FAQ & Troubleshooting

Frequently Asked Questions (FAQ)

  • The name / shared name columns in my Cytoscape export show numeric IDs, not my original FASTA headers.

    These columns are internal network node identifiers used by Cytoscape — they are not genome identifiers. The original FASTA sequence IDs are preserved in the GenomeName column for all user sequences (Reference=False). For reference genomes (Reference=True), GenomeName contains the NCBI genome name from the database. To cross-reference the Cytoscape export with final_assignments.csv, join on GenomeName.

  • Re-running my dataset from scratch yielded slightly different results than resuming a previous run using the same dataset!

    This is the result of the non-deterministic nature of MMSeqs2 clustering. Everything "post"-clustering (i.e. after the profiles are generated) will result in identical results. Of course, though the absolute "value" of the taxonomy will be different, meaning the name and/or number of the novel group, the comparison will be symmetrical. So, genomes A, B and C might be "novel_X" in one run, but "novel_Y" in another.

  • Can I run vConTACT3 with only protein sequences?

    Yes. Provide a protein FASTA via --proteins and a gene-to-genome mapping via --gene2genome. A genome lengths file (--len-nucleotide) is optional — if omitted, Size (Kb) will be NaN in the output and the ANI export will be automatically disabled.

    vcontact3 run --proteins proteins.faa --gene2genome gene2genome.tsv --output results_dir

# With genome lengths (enables Size (Kb) in output and ANI export):
vcontact3 run --proteins proteins.faa --gene2genome gene2genome.tsv --len-nucleotide genome_lengths.tsv --output results_dir

  • My run fails with FileNotFoundError for my .faa file after the first identity level succeeds.

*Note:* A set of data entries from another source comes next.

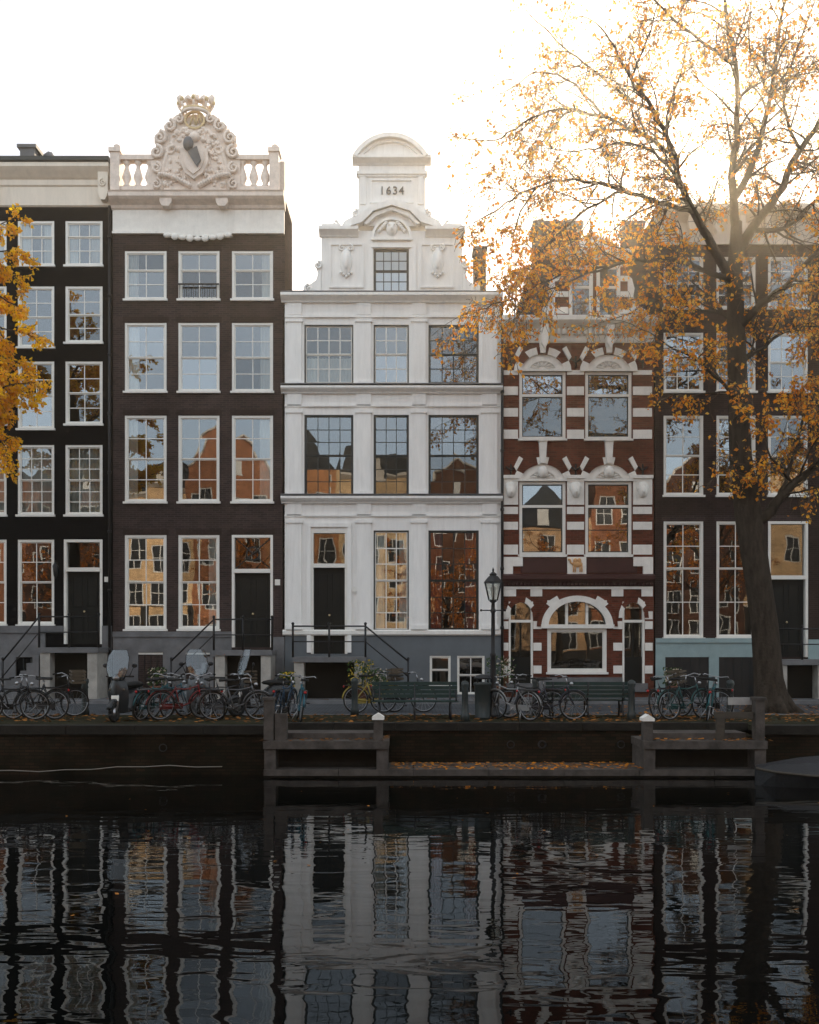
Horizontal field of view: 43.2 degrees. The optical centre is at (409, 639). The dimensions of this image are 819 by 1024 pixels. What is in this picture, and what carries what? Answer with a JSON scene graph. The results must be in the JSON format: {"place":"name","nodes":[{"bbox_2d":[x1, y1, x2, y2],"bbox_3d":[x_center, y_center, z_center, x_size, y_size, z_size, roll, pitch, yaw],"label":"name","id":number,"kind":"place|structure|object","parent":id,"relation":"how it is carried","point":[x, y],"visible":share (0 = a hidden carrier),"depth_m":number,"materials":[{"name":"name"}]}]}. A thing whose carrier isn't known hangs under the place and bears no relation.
{"place":"outdoors","nodes":[
{"label":"outdoors","id":0,"kind":"place"},
{"bbox_2d":[0,775,818,1023],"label":"canal water","id":1,"kind":"structure","parent":0,"point":[615,901],"depth_m":11.68,"materials":[{"name":"black liquid"}]},
{"bbox_2d":[0,696,818,915],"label":"fallen leaves","id":2,"kind":"object","parent":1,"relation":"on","point":[477,763],"visible":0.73,"depth_m":24.09,"materials":[{"name":"orange plant"}]},
{"bbox_2d":[755,756,818,787],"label":"covered rowing boat","id":3,"kind":"object","parent":1,"relation":"on","point":[800,772],"visible":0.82,"depth_m":20.67,"materials":[{"name":"grey fabric"}]},
{"bbox_2d":[0,714,818,729],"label":"quay paving","id":4,"kind":"structure","parent":0,"point":[102,719],"depth_m":24.67,"materials":[{"name":"stone"}]},
{"bbox_2d":[0,674,49,719],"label":"bicycle","id":5,"kind":"object","parent":4,"relation":"on","point":[8,706],"visible":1,"depth_m":24.40,"materials":[{"name":"black metal"}]},
{"bbox_2d":[0,674,70,719],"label":"bicycle","id":6,"kind":"object","parent":4,"relation":"on","point":[54,704],"visible":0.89,"depth_m":24.68,"materials":[{"name":"black metal"}]},
{"bbox_2d":[13,670,88,717],"bbox_3d":[-8.762,1.329,25.344,1.795,1.144,0.640,0,5,-29],"label":"bicycle","id":7,"kind":"object","parent":4,"relation":"on","point":[77,676],"visible":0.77,"depth_m":25.48,"materials":[{"name":"black metal"}]},
{"bbox_2d":[103,650,146,722],"bbox_3d":[-6.655,1.061,24.317,0.860,1.661,1.864,0,0,10],"label":"motor scooter","id":8,"kind":"object","parent":4,"relation":"on","point":[122,694],"visible":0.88,"depth_m":23.84,"materials":[{"name":"black metal"}]},
{"bbox_2d":[132,673,176,720],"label":"bicycle","id":9,"kind":"object","parent":4,"relation":"on","point":[143,706],"visible":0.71,"depth_m":24.51,"materials":[{"name":"metal"}]},
{"bbox_2d":[145,673,216,719],"bbox_3d":[-5.417,1.365,24.630,1.795,1.075,0.640,0,8,-34],"label":"bicycle","id":10,"kind":"object","parent":4,"relation":"on","point":[175,705],"visible":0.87,"depth_m":24.51,"materials":[{"name":"metal"}]},
{"bbox_2d":[179,649,212,714],"bbox_3d":[-5.423,1.061,26.017,0.860,1.661,1.864,0,0,-21],"label":"motor scooter","id":11,"kind":"object","parent":4,"relation":"on","point":[189,683],"visible":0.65,"depth_m":25.55,"materials":[{"name":"black metal"}]},
{"bbox_2d":[197,674,270,719],"bbox_3d":[-4.097,1.366,24.324,1.795,1.075,0.640,0,8,-3],"label":"bicycle","id":12,"kind":"object","parent":4,"relation":"on","point":[232,706],"visible":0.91,"depth_m":24.32,"materials":[{"name":"metal"}]},
{"bbox_2d":[225,649,294,716],"bbox_3d":[-3.715,1.061,25.809,1.864,1.661,0.860,0,0,-31],"label":"motor scooter","id":13,"kind":"object","parent":4,"relation":"on","point":[271,684],"visible":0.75,"depth_m":25.67,"materials":[{"name":"black plastic"}]},
{"bbox_2d":[272,674,300,716],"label":"bicycle","id":14,"kind":"object","parent":4,"relation":"on","point":[282,705],"visible":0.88,"depth_m":24.65,"materials":[{"name":"metal"}]},
{"bbox_2d":[371,682,457,719],"bbox_3d":[0.125,1.457,24.777,2.060,0.897,0.682,0,0,0],"label":"park bench","id":15,"kind":"object","parent":4,"relation":"on","point":[415,693],"visible":0.94,"depth_m":24.99,"materials":[{"name":"green paint"}]},
{"bbox_2d":[474,674,491,718],"bbox_3d":[1.761,1.357,24.900,0.432,1.074,0.432,0,0,0],"label":"litter bin","id":16,"kind":"object","parent":4,"relation":"on","point":[482,698],"visible":0.99,"depth_m":24.74,"materials":[{"name":"black metal"}]},
{"bbox_2d":[480,568,505,718],"bbox_3d":[2.028,0.070,25.100,0.488,3.660,0.476,0,0,42],"label":"street lamp","id":17,"kind":"object","parent":4,"relation":"on","point":[492,578],"visible":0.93,"depth_m":25.04,"materials":[{"name":"black metal"}]},
{"bbox_2d":[491,674,541,720],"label":"bicycle","id":18,"kind":"object","parent":4,"relation":"on","point":[520,707],"visible":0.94,"depth_m":24.27,"materials":[{"name":"metal"}]},
{"bbox_2d":[499,674,567,718],"bbox_3d":[2.940,1.361,25.001,1.795,1.075,0.640,0,-1,20],"label":"bicycle","id":19,"kind":"object","parent":4,"relation":"on","point":[559,692],"visible":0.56,"depth_m":24.93,"materials":[{"name":"metal"}]},
{"bbox_2d":[514,674,587,719],"bbox_3d":[3.341,1.361,24.385,1.795,1.075,0.640,0,1,-9],"label":"bicycle","id":20,"kind":"object","parent":4,"relation":"on","point":[547,706],"visible":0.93,"depth_m":24.40,"materials":[{"name":"metal"}]},
{"bbox_2d":[544,682,627,718],"bbox_3d":[4.311,1.457,25.223,2.060,0.897,0.682,0,0,0],"label":"park bench","id":21,"kind":"object","parent":4,"relation":"on","point":[623,694],"visible":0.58,"depth_m":24.98,"materials":[{"name":"green paint"}]},
{"bbox_2d":[646,673,680,719],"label":"bicycle","id":22,"kind":"object","parent":4,"relation":"on","point":[655,705],"visible":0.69,"depth_m":24.84,"materials":[{"name":"metal"}]},
{"bbox_2d":[657,674,712,719],"bbox_3d":[6.588,1.363,24.733,1.795,1.075,0.640,0,-5,-29],"label":"bicycle","id":23,"kind":"object","parent":4,"relation":"on","point":[679,706],"visible":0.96,"depth_m":24.64,"materials":[{"name":"metal"}]},
{"bbox_2d":[666,670,733,718],"bbox_3d":[7.066,1.327,25.158,1.795,1.144,0.640,0,4,42],"label":"bicycle","id":24,"kind":"object","parent":4,"relation":"on","point":[687,692],"visible":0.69,"depth_m":25.28,"materials":[{"name":"metal"}]},
{"bbox_2d":[0,0,818,314],"label":"sky","id":25,"kind":"structure","parent":0,"point":[314,80],"materials":[{"name":"white"}]},
{"bbox_2d":[1,704,818,713],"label":"road","id":26,"kind":"structure","parent":0,"point":[326,709],"depth_m":28.28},
{"bbox_2d":[0,203,54,483],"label":"yellow elm tree","id":27,"kind":"object","parent":26,"relation":"on","point":[9,400],"visible":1,"depth_m":26.80,"materials":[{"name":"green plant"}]},
{"bbox_2d":[342,668,405,712],"bbox_3d":[-0.931,1.334,27.057,1.795,1.144,0.640,0,-7,-23],"label":"bicycle","id":28,"kind":"object","parent":26,"relation":"on","point":[394,671],"visible":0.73,"depth_m":27.00,"materials":[{"name":"metal"}]},
{"bbox_2d":[427,0,818,713],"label":"autumn elm tree","id":29,"kind":"object","parent":26,"relation":"on","point":[751,518],"visible":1,"depth_m":27.12,"materials":[{"name":"orange plant"}]},
{"bbox_2d":[3,697,818,703],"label":"pavement","id":30,"kind":"structure","parent":0,"point":[638,700],"depth_m":30.70,"materials":[{"name":"brick"}]},
{"bbox_2d":[2,647,108,698],"bbox_3d":[-11.042,1.027,32.345,2.958,1.587,1.190,0,0,0],"label":"stoop","id":31,"kind":"object","parent":30,"relation":"on","point":[50,661],"visible":0.69,"depth_m":31.86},
{"bbox_2d":[1,613,99,691],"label":"railing","id":32,"kind":"object","parent":31,"relation":"on","point":[19,640],"visible":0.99,"depth_m":31.81,"materials":[{"name":"black metal"}]},
{"bbox_2d":[0,626,111,696],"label":"stone base","id":33,"kind":"object","parent":30,"relation":"on","point":[10,636],"visible":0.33,"depth_m":32.94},
{"bbox_2d":[112,632,283,696],"bbox_3d":[-6.719,0.796,32.960,5.458,2.125,0.120,0,0,0],"label":"stone base","id":34,"kind":"object","parent":30,"relation":"on","point":[167,645],"visible":0.62,"depth_m":32.94,"materials":[{"name":"grey stone"}]},
{"bbox_2d":[174,650,276,698],"bbox_3d":[-5.781,1.068,32.345,3.104,1.503,1.190,0,0,0],"label":"stoop","id":35,"kind":"object","parent":30,"relation":"on","point":[225,662],"visible":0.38,"depth_m":31.80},
{"bbox_2d":[170,615,273,686],"bbox_3d":[-5.781,0.421,31.830,3.201,2.358,0.097,0,0,0],"label":"railing","id":36,"kind":"object","parent":35,"relation":"on","point":[214,634],"visible":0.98,"depth_m":31.80,"materials":[{"name":"black metal"}]},
{"bbox_2d":[293,656,396,698],"bbox_3d":[-1.812,1.173,32.320,3.542,1.295,1.240,0,0,0],"label":"stoop","id":37,"kind":"object","parent":30,"relation":"on","point":[330,673],"visible":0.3,"depth_m":32.20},
{"bbox_2d":[291,622,409,689],"bbox_3d":[-1.812,0.525,31.780,3.638,2.149,0.097,0,0,0],"label":"railing","id":38,"kind":"object","parent":37,"relation":"on","point":[364,641],"visible":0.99,"depth_m":31.76,"materials":[{"name":"black metal"}]},
{"bbox_2d":[284,636,500,696],"bbox_3d":[-0.562,0.817,33.150,6.958,2.167,0.300,0,0,0],"label":"basement","id":39,"kind":"object","parent":30,"relation":"on","point":[418,651],"visible":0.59,"depth_m":33.00,"materials":[{"name":"grey paint"}]},
{"bbox_2d":[533,677,622,696],"bbox_3d":[5.364,1.525,32.970,2.833,0.667,0.100,0,0,0],"label":"stone base","id":40,"kind":"object","parent":30,"relation":"on","point":[592,679],"visible":0.36,"depth_m":32.92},
{"bbox_2d":[655,638,818,696],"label":"plaster base","id":41,"kind":"object","parent":30,"relation":"on","point":[713,649],"visible":0.51,"depth_m":32.94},
{"bbox_2d":[782,659,818,698],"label":"stoop","id":42,"kind":"object","parent":30,"relation":"on","point":[801,678],"visible":0.56,"depth_m":32.25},
{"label":"ground","id":43,"kind":"structure","parent":0,"visible":0},
{"bbox_2d":[0,207,112,680],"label":"walls","id":44,"kind":"structure","parent":43,"relation":"on","point":[59,528],"depth_m":33.00,"materials":[{"name":"brick"}]},
{"bbox_2d":[0,225,99,621],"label":"interior","id":45,"kind":"object","parent":44,"relation":"attached to","point":[84,555],"depth_m":33.95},
{"bbox_2d":[0,221,102,623],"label":"window frames","id":46,"kind":"structure","parent":44,"relation":"attached to","point":[66,401],"depth_m":33.01,"materials":[{"name":"wood"}]},
{"bbox_2d":[0,225,99,511],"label":"curtains","id":47,"kind":"object","parent":46,"relation":"attached to","point":[74,453],"visible":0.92,"depth_m":33.23,"materials":[{"name":"fabric"}]},
{"bbox_2d":[0,224,99,622],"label":"sashes","id":48,"kind":"object","parent":46,"relation":"attached to","point":[84,315],"visible":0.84,"depth_m":33.08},
{"bbox_2d":[0,264,103,625],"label":"sills","id":49,"kind":"structure","parent":44,"relation":"attached to","point":[64,424],"depth_m":32.91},
{"bbox_2d":[0,162,110,206],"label":"cornice","id":50,"kind":"structure","parent":44,"relation":"attached to","point":[54,184],"depth_m":32.90,"materials":[{"name":"beige paint"}]},
{"bbox_2d":[0,156,109,163],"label":"gutter","id":51,"kind":"object","parent":50,"relation":"on","point":[54,158],"visible":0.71,"depth_m":32.52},
{"bbox_2d":[64,539,102,643],"bbox_3d":[-10.406,-1.538,33.070,1.229,3.333,0.260,0,0,0],"label":"door frame","id":52,"kind":"object","parent":44,"relation":"attached to","point":[67,569],"visible":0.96,"depth_m":32.98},
{"bbox_2d":[68,572,99,643],"bbox_3d":[-10.406,-1.027,33.140,1.062,2.312,0.160,0,0,0],"label":"door leaf","id":53,"kind":"object","parent":52,"relation":"in","point":[83,593],"visible":0.98,"depth_m":33.14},
{"bbox_2d":[113,204,291,696],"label":"walls","id":54,"kind":"structure","parent":43,"relation":"on","point":[225,516],"depth_m":33.00,"materials":[{"name":"brown brick"}]},
{"bbox_2d":[108,190,285,211],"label":"cornice","id":55,"kind":"structure","parent":54,"relation":"attached to","point":[197,199],"depth_m":32.63,"materials":[{"name":"stone"}]},
{"bbox_2d":[108,205,110,688],"bbox_3d":[-9.542,-6.058,32.900,0.111,15.500,0.111,0,0,-23],"label":"drainpipe","id":56,"kind":"object","parent":55,"relation":"attached to","point":[109,438],"visible":0.95,"depth_m":32.86,"materials":[{"name":"black metal"}]},
{"bbox_2d":[151,113,238,189],"bbox_3d":[-6.771,-15.402,32.448,2.766,2.445,0.575,0,0,0],"label":"crest relief","id":57,"kind":"object","parent":55,"relation":"on","point":[194,163],"visible":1,"depth_m":32.57},
{"bbox_2d":[177,94,214,128],"bbox_3d":[-6.771,-16.696,32.800,1.233,1.183,0.960,0,0,0],"label":"crown","id":58,"kind":"object","parent":57,"relation":"on","point":[196,107],"visible":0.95,"depth_m":32.58,"materials":[{"name":"stone"}]},
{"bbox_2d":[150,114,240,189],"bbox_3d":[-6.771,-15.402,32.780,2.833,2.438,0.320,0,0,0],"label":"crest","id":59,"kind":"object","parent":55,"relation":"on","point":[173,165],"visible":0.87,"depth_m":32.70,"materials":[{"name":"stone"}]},
{"bbox_2d":[112,210,284,237],"bbox_3d":[-6.719,-13.256,32.930,5.471,0.854,0.180,0,0,0],"label":"frieze","id":60,"kind":"object","parent":54,"relation":"attached to","point":[194,223],"visible":1,"depth_m":32.92,"materials":[{"name":"white paint"}]},
{"bbox_2d":[123,298,273,630],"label":"sills","id":61,"kind":"structure","parent":54,"relation":"attached to","point":[198,299],"depth_m":32.91,"materials":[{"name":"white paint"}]},
{"bbox_2d":[125,251,272,628],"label":"window frames","id":62,"kind":"structure","parent":54,"relation":"attached to","point":[165,419],"depth_m":33.01,"materials":[{"name":"wood"}]},
{"bbox_2d":[128,254,270,626],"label":"sashes","id":63,"kind":"object","parent":62,"relation":"attached to","point":[199,459],"visible":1,"depth_m":33.08,"materials":[{"name":"wood"}]},
{"bbox_2d":[129,255,269,625],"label":"curtains","id":64,"kind":"object","parent":62,"relation":"attached to","point":[134,351],"visible":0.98,"depth_m":33.15,"materials":[{"name":"fabric"}]},
{"bbox_2d":[123,245,274,534],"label":"brick lintels","id":65,"kind":"object","parent":54,"relation":"attached to","point":[198,412],"visible":1,"depth_m":32.99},
{"bbox_2d":[129,255,269,625],"bbox_3d":[-6.719,-6.121,33.950,5.455,16.042,0.001,0,0,0],"label":"interior","id":66,"kind":"object","parent":54,"relation":"attached to","point":[155,490],"visible":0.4,"depth_m":33.95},
{"bbox_2d":[232,535,272,646],"bbox_3d":[-5.010,-1.558,33.070,1.312,3.583,0.260,0,0,0],"label":"door frame","id":67,"kind":"object","parent":54,"relation":"attached to","point":[234,570],"visible":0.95,"depth_m":32.98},
{"bbox_2d":[235,573,269,646],"bbox_3d":[-5.010,-0.954,33.140,1.146,2.375,0.160,0,0,0],"label":"door leaf","id":68,"kind":"object","parent":67,"relation":"in","point":[252,595],"visible":1,"depth_m":33.14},
{"bbox_2d":[283,303,500,629],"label":"walls","id":69,"kind":"structure","parent":43,"relation":"on","point":[432,523],"depth_m":33.00,"materials":[{"name":"white paint"}]},
{"bbox_2d":[307,523,350,653],"bbox_3d":[-2.562,-1.642,33.062,1.417,4.167,0.275,0,0,0],"label":"door frame","id":70,"kind":"object","parent":69,"relation":"attached to","point":[311,565],"visible":1,"depth_m":32.93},
{"bbox_2d":[314,568,344,653],"bbox_3d":[-2.562,-0.933,33.140,1.000,2.750,0.160,0,0,0],"label":"door leaf","id":71,"kind":"object","parent":70,"relation":"in","point":[329,594],"visible":1,"depth_m":33.14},
{"bbox_2d":[280,292,502,635],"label":"cornice","id":72,"kind":"structure","parent":69,"relation":"attached to","point":[374,297],"depth_m":32.84,"materials":[{"name":"white paint"}]},
{"bbox_2d":[321,143,461,289],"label":"gable","id":73,"kind":"structure","parent":72,"relation":"on","point":[354,278],"depth_m":33.00,"materials":[{"name":"white paint"}]},
{"bbox_2d":[303,208,479,289],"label":"scrolls","id":74,"kind":"object","parent":73,"relation":"attached to","point":[316,284],"visible":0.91,"depth_m":32.96,"materials":[{"name":"white paint"}]},
{"bbox_2d":[319,132,464,247],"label":"gable cornice","id":75,"kind":"structure","parent":73,"relation":"attached to","point":[416,217],"depth_m":32.82,"materials":[{"name":"stone"}]},
{"bbox_2d":[329,176,454,287],"bbox_3d":[-0.562,-13.079,32.925,4.000,3.708,0.389,0,0,0],"label":"gable ornament","id":76,"kind":"object","parent":73,"relation":"attached to","point":[391,230],"visible":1,"depth_m":32.95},
{"bbox_2d":[280,290,502,494],"bbox_3d":[-0.562,-7.831,32.865,7.042,6.458,0.270,0,0,0],"label":"lead flashing","id":77,"kind":"object","parent":72,"relation":"attached to","point":[390,383],"visible":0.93,"depth_m":32.73,"materials":[{"name":"metal"}]},
{"bbox_2d":[500,302,503,685],"bbox_3d":[2.948,-4.527,32.880,0.111,12.438,0.111,0,0,23],"label":"drainpipe","id":78,"kind":"object","parent":72,"relation":"attached to","point":[502,514],"visible":0.85,"depth_m":32.85,"materials":[{"name":"black metal"}]},
{"bbox_2d":[284,315,498,516],"bbox_3d":[-0.562,-7.142,32.968,6.833,6.417,0.085,0,0,0],"label":"frieze","id":79,"kind":"object","parent":69,"relation":"attached to","point":[378,515],"visible":0.91,"depth_m":32.93,"materials":[{"name":"white paint"}]},
{"bbox_2d":[286,239,498,628],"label":"pilasters","id":80,"kind":"object","parent":69,"relation":"attached to","point":[363,473],"visible":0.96,"depth_m":32.91,"materials":[{"name":"white paint"}]},
{"bbox_2d":[307,328,481,691],"bbox_3d":[-0.562,-4.423,33.950,6.934,12.647,0.001,0,0,0],"label":"interior","id":81,"kind":"object","parent":69,"relation":"attached to","point":[329,548],"depth_m":33.95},
{"bbox_2d":[304,249,484,693],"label":"window frames","id":82,"kind":"structure","parent":69,"relation":"attached to","point":[429,531],"depth_m":33.01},
{"bbox_2d":[307,358,475,627],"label":"curtains","id":83,"kind":"object","parent":82,"relation":"attached to","point":[436,568],"visible":0.82,"depth_m":33.15,"materials":[{"name":"fabric"}]},
{"bbox_2d":[306,251,482,692],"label":"sashes","id":84,"kind":"object","parent":82,"relation":"in","point":[391,271],"visible":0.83,"depth_m":33.06,"materials":[{"name":"wood"}]},
{"bbox_2d":[0,730,818,774],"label":"wall","id":85,"kind":"structure","parent":43,"relation":"on","point":[237,754],"depth_m":22.60,"materials":[{"name":"brick"}]},
{"bbox_2d":[0,722,818,734],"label":"coping","id":86,"kind":"object","parent":85,"relation":"on","point":[230,729],"visible":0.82,"depth_m":23.25,"materials":[{"name":"stone"}]},
{"bbox_2d":[262,697,767,777],"bbox_3d":[2.235,3.062,22.640,10.752,3.676,1.320,0,0,0],"label":"canal landing","id":87,"kind":"object","parent":43,"relation":"on","point":[345,756],"visible":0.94,"depth_m":22.06,"materials":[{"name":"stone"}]},
{"bbox_2d":[504,343,653,696],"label":"walls","id":88,"kind":"structure","parent":43,"relation":"on","point":[577,451],"depth_m":33.00,"materials":[{"name":"red brick"}]},
{"bbox_2d":[514,328,637,625],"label":"arch heads","id":89,"kind":"object","parent":88,"relation":"attached to","point":[608,467],"visible":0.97,"depth_m":32.91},
{"bbox_2d":[511,376,641,667],"bbox_3d":[5.375,-4.069,33.950,4.809,11.938,0.001,0,0,0],"label":"interior","id":90,"kind":"object","parent":88,"relation":"attached to","point":[542,416],"depth_m":33.95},
{"bbox_2d":[509,265,644,682],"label":"window frames","id":91,"kind":"structure","parent":88,"relation":"attached to","point":[563,483],"depth_m":33.01,"materials":[{"name":"wood"}]},
{"bbox_2d":[522,268,627,669],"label":"sashes","id":92,"kind":"object","parent":91,"relation":"in","point":[588,287],"visible":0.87,"depth_m":33.08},
{"bbox_2d":[505,481,648,497],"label":"stone heads","id":93,"kind":"object","parent":88,"relation":"attached to","point":[576,488],"visible":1,"depth_m":32.83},
{"bbox_2d":[503,263,652,672],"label":"stone bands","id":94,"kind":"object","parent":88,"relation":"attached to","point":[646,563],"visible":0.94,"depth_m":32.95,"materials":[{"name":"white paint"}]},
{"bbox_2d":[503,574,654,585],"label":"shop cornice","id":95,"kind":"structure","parent":88,"relation":"attached to","point":[578,579],"depth_m":32.74,"materials":[{"name":"red paint"}]},
{"bbox_2d":[521,558,636,572],"bbox_3d":[5.396,-2.371,32.980,3.708,0.458,0.080,0,0,0],"label":"sign band","id":96,"kind":"object","parent":88,"relation":"attached to","point":[593,565],"visible":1,"depth_m":32.94,"materials":[{"name":"red paint"}]},
{"bbox_2d":[502,315,657,348],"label":"cornice","id":97,"kind":"structure","parent":88,"relation":"attached to","point":[569,321],"depth_m":32.76,"materials":[{"name":"white paint"}]},
{"bbox_2d":[546,260,627,314],"bbox_3d":[5.812,-11.204,34.550,2.333,2.042,2.900,0,0,0],"label":"dormer","id":98,"kind":"object","parent":97,"relation":"on","point":[580,306],"visible":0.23,"depth_m":33.60,"materials":[{"name":"white brick"}]},
{"bbox_2d":[517,284,645,314],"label":"roof","id":99,"kind":"structure","parent":88,"relation":"on","point":[636,286],"depth_m":34.59,"materials":[{"name":"metal"}]},
{"bbox_2d":[529,219,583,283],"bbox_3d":[5.198,-13.162,36.700,1.771,3.458,1.200,0,0,0],"label":"chimney","id":100,"kind":"object","parent":99,"relation":"on","point":[541,231],"visible":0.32,"depth_m":36.20,"materials":[{"name":"brick"}]},
{"bbox_2d":[628,215,818,696],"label":"walls","id":101,"kind":"structure","parent":43,"relation":"on","point":[709,506],"depth_m":33.00,"materials":[{"name":"brick"}]},
{"bbox_2d":[665,657,753,695],"bbox_3d":[9.625,1.173,32.995,2.958,1.254,0.001,0,0,0],"label":"basement glass","id":102,"kind":"object","parent":101,"relation":"attached to","point":[704,664],"visible":0.6,"depth_m":32.99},
{"bbox_2d":[666,261,803,634],"bbox_3d":[13.427,-5.882,33.950,11.164,15.563,0.001,0,0,0],"label":"interior","id":103,"kind":"object","parent":101,"relation":"attached to","point":[786,549],"visible":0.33,"depth_m":33.95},
{"bbox_2d":[664,257,807,696],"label":"window frames","id":104,"kind":"structure","parent":101,"relation":"attached to","point":[717,522],"depth_m":33.01,"materials":[{"name":"wood"}]},
{"bbox_2d":[666,260,804,635],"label":"sashes","id":105,"kind":"object","parent":104,"relation":"in","point":[682,568],"visible":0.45,"depth_m":33.08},
{"bbox_2d":[662,251,809,520],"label":"brick lintels","id":106,"kind":"object","parent":101,"relation":"attached to","point":[724,517],"visible":0.56,"depth_m":32.99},
{"bbox_2d":[654,203,818,234],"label":"cornice","id":107,"kind":"structure","parent":101,"relation":"attached to","point":[684,217],"depth_m":32.68,"materials":[{"name":"beige paint"}]},
{"bbox_2d":[655,223,818,244],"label":"frieze","id":108,"kind":"object","parent":101,"relation":"attached to","point":[720,237],"depth_m":32.92,"materials":[{"name":"beige paint"}]},
{"bbox_2d":[768,521,807,656],"bbox_3d":[12.073,-1.621,33.070,1.271,4.333,0.260,0,0,0],"label":"door frame","id":109,"kind":"object","parent":101,"relation":"attached to","point":[804,576],"visible":0.71,"depth_m":32.98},
{"bbox_2d":[772,580,803,656],"bbox_3d":[12.073,-0.694,33.140,1.104,2.479,0.160,0,0,0],"label":"door leaf","id":110,"kind":"object","parent":109,"relation":"in","point":[789,598],"visible":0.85,"depth_m":33.14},
{"bbox_3d":[-6.719,-12.376,39.000,5.455,3.552,12.000,0,0,0],"label":"roof","id":111,"kind":"object","parent":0,"visible":0},
{"bbox_2d":[108,144,291,220],"bbox_3d":[-6.739,-14.959,33.875,5.480,1.573,2.650,0,0,0],"label":"balustrade","id":112,"kind":"object","parent":111,"relation":"on","point":[276,177],"visible":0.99,"depth_m":32.69,"materials":[{"name":"stone"}]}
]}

    The temporary file cleanup uses a glob pattern that matches any filename containing mmseq. If your input file includes that string (e.g. my-mmseqs-results.fna), derived files such as the predicted proteins (.faa) will be deleted at the end of the first identity pass and subsequent identity levels will fail. Renaming the input to omit mmseq from the filename resolves the issue.

  • Why did the novel prediction naming change in 3.1.5?

    vConTACT3 was not initially benchmarked against the upper ranks (kingdom --> class) and used the placeholder novel_<rank>_<#>_of_<parent_rank> to assign ranks where no official taxonomy existed. These assignments could lead to something like the following: "novel_genus_0_of_novel_subfamily_0_of_novel_family_0_of_novel_order_0_of_novel_class_0_of_novel_phylum_0_of_novel_kingdom_1233_of_default" This created two problems, 1) users unknowingly assumed that there were 1233 new kingdoms identified, and not simply that the sequence in 1233 might be in a different kingdom than a sequence in 1234, and 2) the text itself is lengthly and implies a hierarchical structure that might not be grounded in biology.

    The prediction now uses "unplaced_<rank>_within_<parent_rank>" for all the upper ranks, and then starts numbering at order. This will allow users to more easily group predictions and prevent over-interpretation of results. Additionally, references existing in upper ranks will be grouped at least by order.

Troubleshooting

Missing import TreeStyle

There is a known issue when installing ete3 through conda. Unfortunately, the bug persists on some systems (none of which I have access to). So, if you want to export dendrogram figures, you will need to install PyQt5 manually as well. This does not affect Newick-formatted dendrograms exports.

You can try the following:

python -m pip install PyQt5

Verify the location with --db-path if using a custom directory.

'/usr/bin/clang' failed with exit code 1

This is sorta generic, and there could be a lot of reasons. For THIS software specifically, it can occur if you try to install the packages (via pip) on Apple Silicon (M1 and m2). It might be for scikit-bio or numba or pandas...

You can try the following:

pip3 install --upgrade pip
python3 -m pip install --upgrade setuptools

High Memory Usage on Large Datasets

For more details, see memory usage

For large genome sets, memory consumption may spike. To mitigate this, you can use --reduce-memory to cast arrays to float16:

vcontact3 run --reduce-memory --nucleotide genomes.fna --output results_dir

Keep in mind that this is a stop-gap measure. While it will reduce memory by 50%, if memory consumption spikes from 60 GB to 600 GB, 50% of that is still 300 GB. Please consider running on a high-memory node for very large datasets.

Slow Performance on D3js Exports

Exporting large networks for D3js visualization can be memory-consuming and challenging for even the best browsers to render.

  • Use --breaks to split networks into smaller chunks:

    vcontact3 run --breaks 5 --nucleotide genomes.fna --output results_dir --exports d3js

Be aware that this does not split network components, but helps manage file size and rendering. Since it doesn't split components, that also means if a component has 100K members, you'll always get a 100K-member network.